Nous sommes convaincus, dans cette époque qui voit toutes nos certitudes se fragiliser, dans cette époque synonyme de complexité, de mobilité, d’agilité, que les modèles anciens ne fonctionneront plus.  Nous devons penser différemment l’ordre des choses pour faire en sorte de créer un précédent unique dans notre histoire : celui de fonder un standard de vie respectueux de l’Homme et de la Planète et capable d’affronter les chocs technologiques, culturels et économiques qui se présentent à nous.

Tout d’abord, nous devons penser différemment l’architecture qui lie les trois dimensions du système dans lequel on vit. Le local, la Nation, l’Europe. Chacune de ces dimensions étant irrémédiablement indispensable aux deux autres.  C’est au niveau local que se crée le nouveau monde aussi bien en terme de mode de production et de consommation que d’énergie ou encore d’agriculture. La Nation c’est notre histoire, notre culture, le ciment de notre projet collectif, le garant de notre cohérence, de notre unité, de la solidarité entre les territoires. L’Europe doit apporter la puissance que seuls nous n’avons plus ; c’est à l’échelle de l’Europe que pourra s’exercer les nouvelles souverainetés dont nous avons besoin et que pourra se réaliser ce nouveau modèle si singulier dans ce monde tout à la fois inquiétant et prometteur.

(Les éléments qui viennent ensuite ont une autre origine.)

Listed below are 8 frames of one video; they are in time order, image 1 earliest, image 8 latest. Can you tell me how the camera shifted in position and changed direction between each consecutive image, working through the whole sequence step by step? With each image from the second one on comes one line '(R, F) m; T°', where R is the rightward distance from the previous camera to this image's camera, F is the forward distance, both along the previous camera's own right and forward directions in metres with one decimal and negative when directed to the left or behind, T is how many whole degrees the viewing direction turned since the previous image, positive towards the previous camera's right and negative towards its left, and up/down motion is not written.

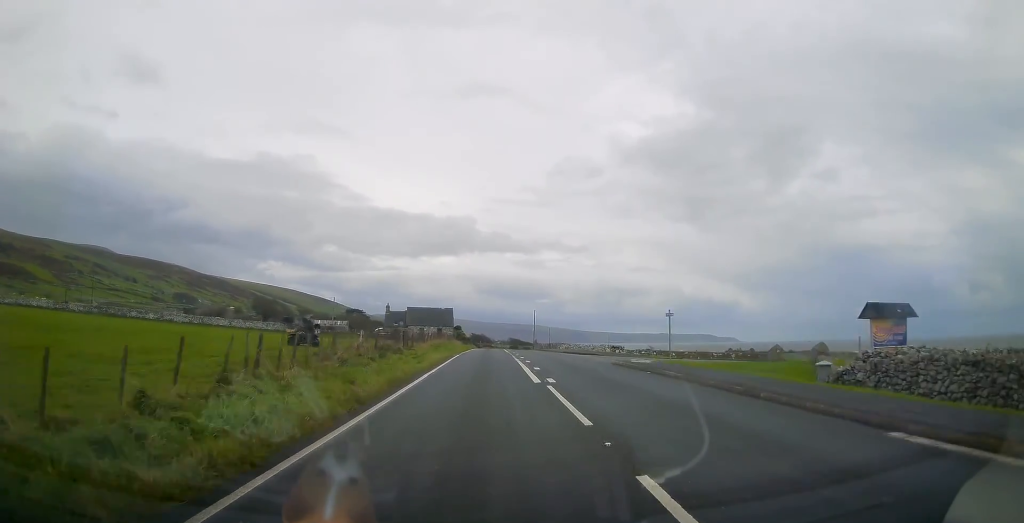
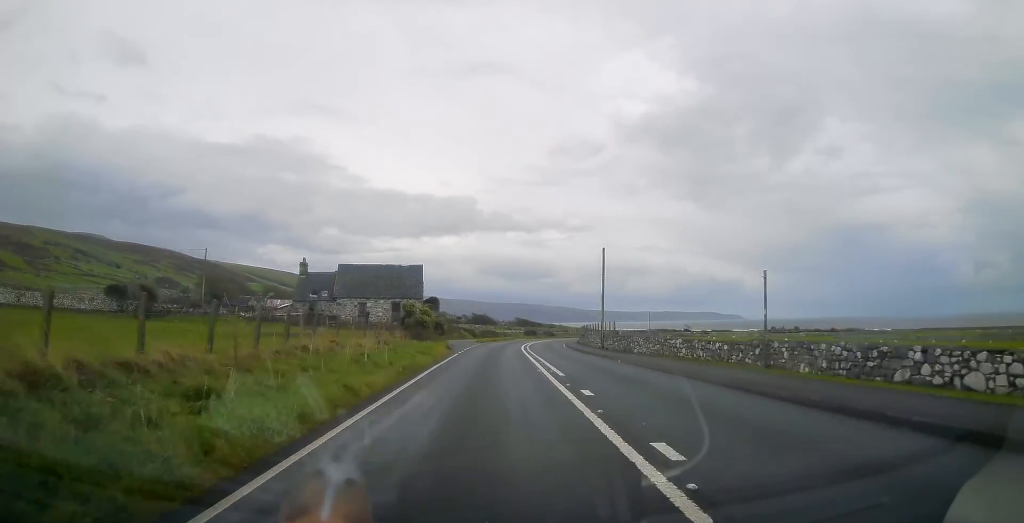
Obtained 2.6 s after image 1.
(-0.4, +60.2) m; 0°
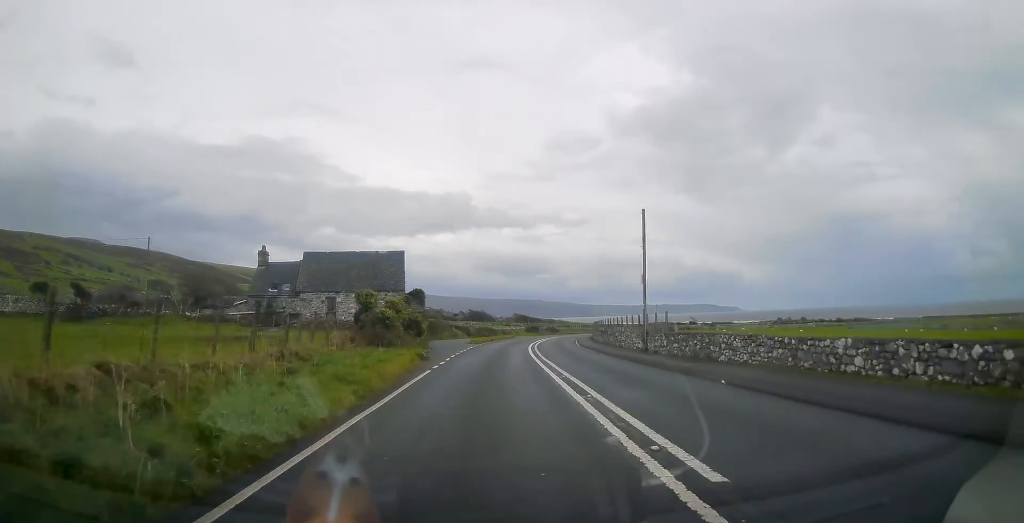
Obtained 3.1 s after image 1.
(-0.1, +11.7) m; 0°
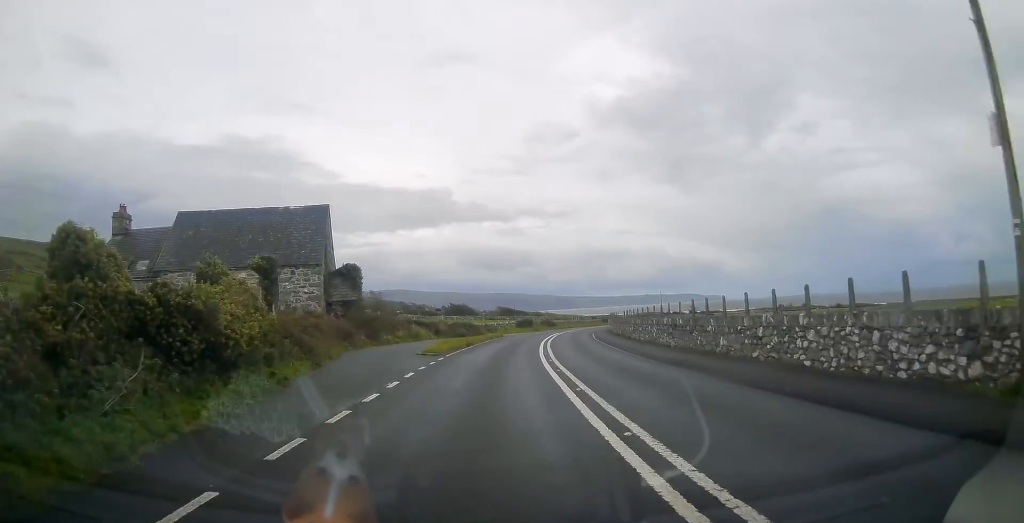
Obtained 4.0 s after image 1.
(+0.3, +21.9) m; +2°
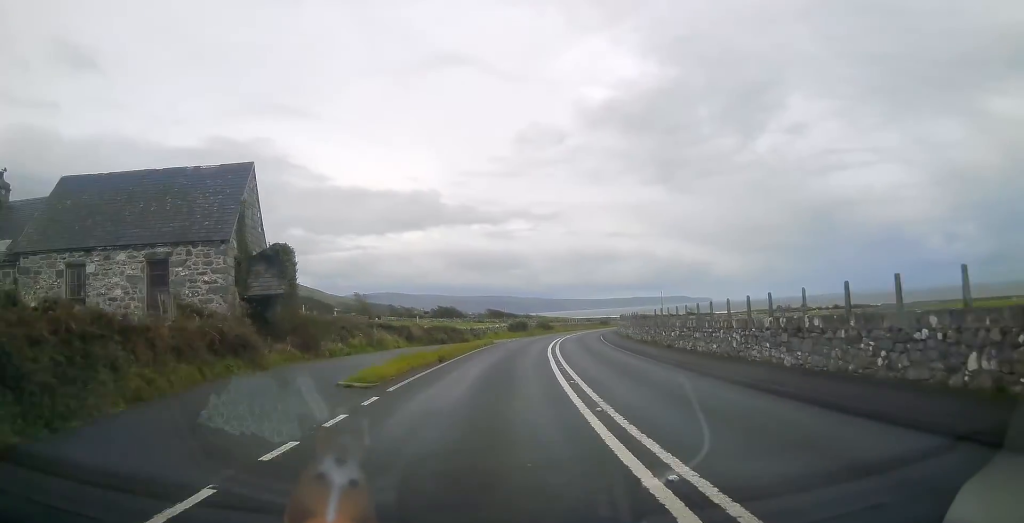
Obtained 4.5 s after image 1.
(+0.1, +10.8) m; +1°
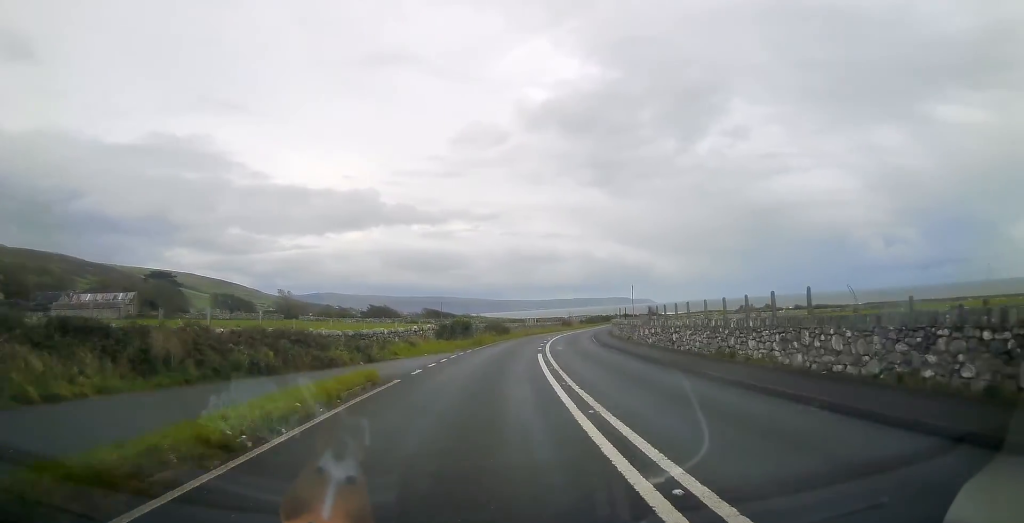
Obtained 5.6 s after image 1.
(+0.9, +27.0) m; +4°
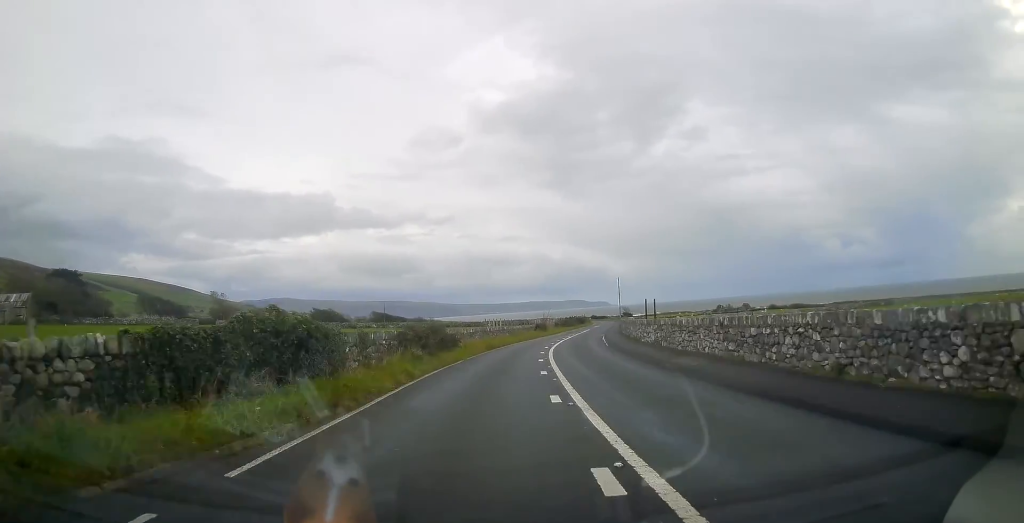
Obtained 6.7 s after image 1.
(+1.0, +25.5) m; +5°
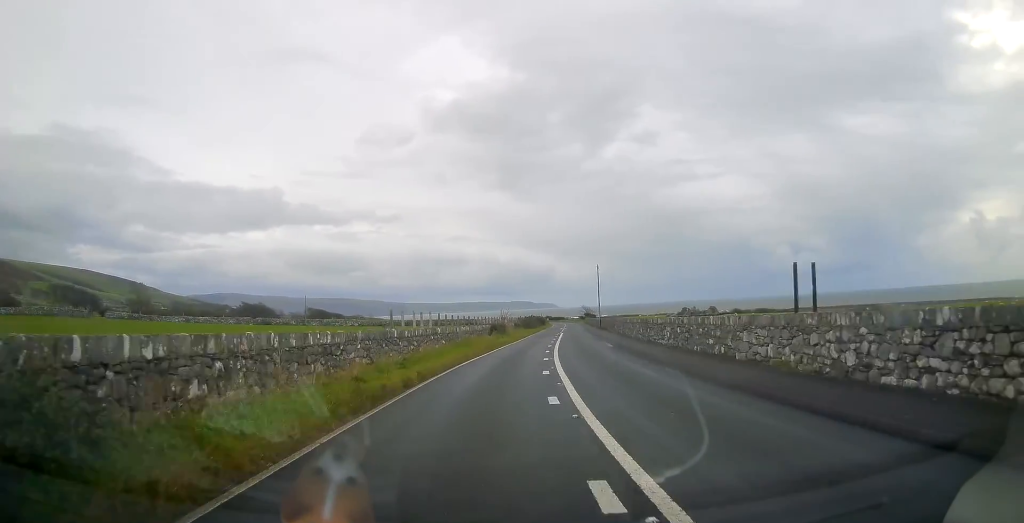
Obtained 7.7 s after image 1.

Ensuite, nous devons revoir les relations qui ont longtemps liés l’État et la société civile. Entre l’État conservateur et le marché, nous devons promouvoir un nouvel acteur plus vivant que l’État et plus humain que le marché : la société elle-même. Nous devons transformer radicalement le fonctionnement de la sphère publique en prenant appui sur le potentiel que constituent les communautés civiles, tout en promouvant la responsabilité et l’autonomie individuelle. Cette proposition implique un mouvement bien plus complexe que le simple retrait de l’État. Bien au contraire, elle doit s’accompagner d’un État redéfini et efficace. Dès lors que la société civile est à reconstruire, l’État aura un rôle très actif à jouer, comme stratège et garant de notre projet collectif, comme facilitateur et catalyseur des initiatives sociales, économiques et écologiques, comme porteur des nouvelles souverainetés au coeur de l’Europe.

C’est à partir de ces deux principes novateurs que nous proposons de construire notre projet collectif. La France, plus que la plupart des autres pays, a des ressources inouïes pour dépasser ses divisions. Pour retrouver cette capacité à vivre ensemble dans l’harmonie, nous devons redéfinir ce que veut dire « avoir la France en commun » et refonder notre modèle en le basant sur trois valeurs qui seront les piliers de notre projet politique : la justice qui fera disparaitre les statuts et les rentes au profit des mobilités et de l’égalité des chances ; la responsabilité qui donnera la capacité à chacun de prendre en main sa vie, la confiance qui nous permettra de redevenir nous-mêmes : un Peuple libre et fier de ce qu’il est.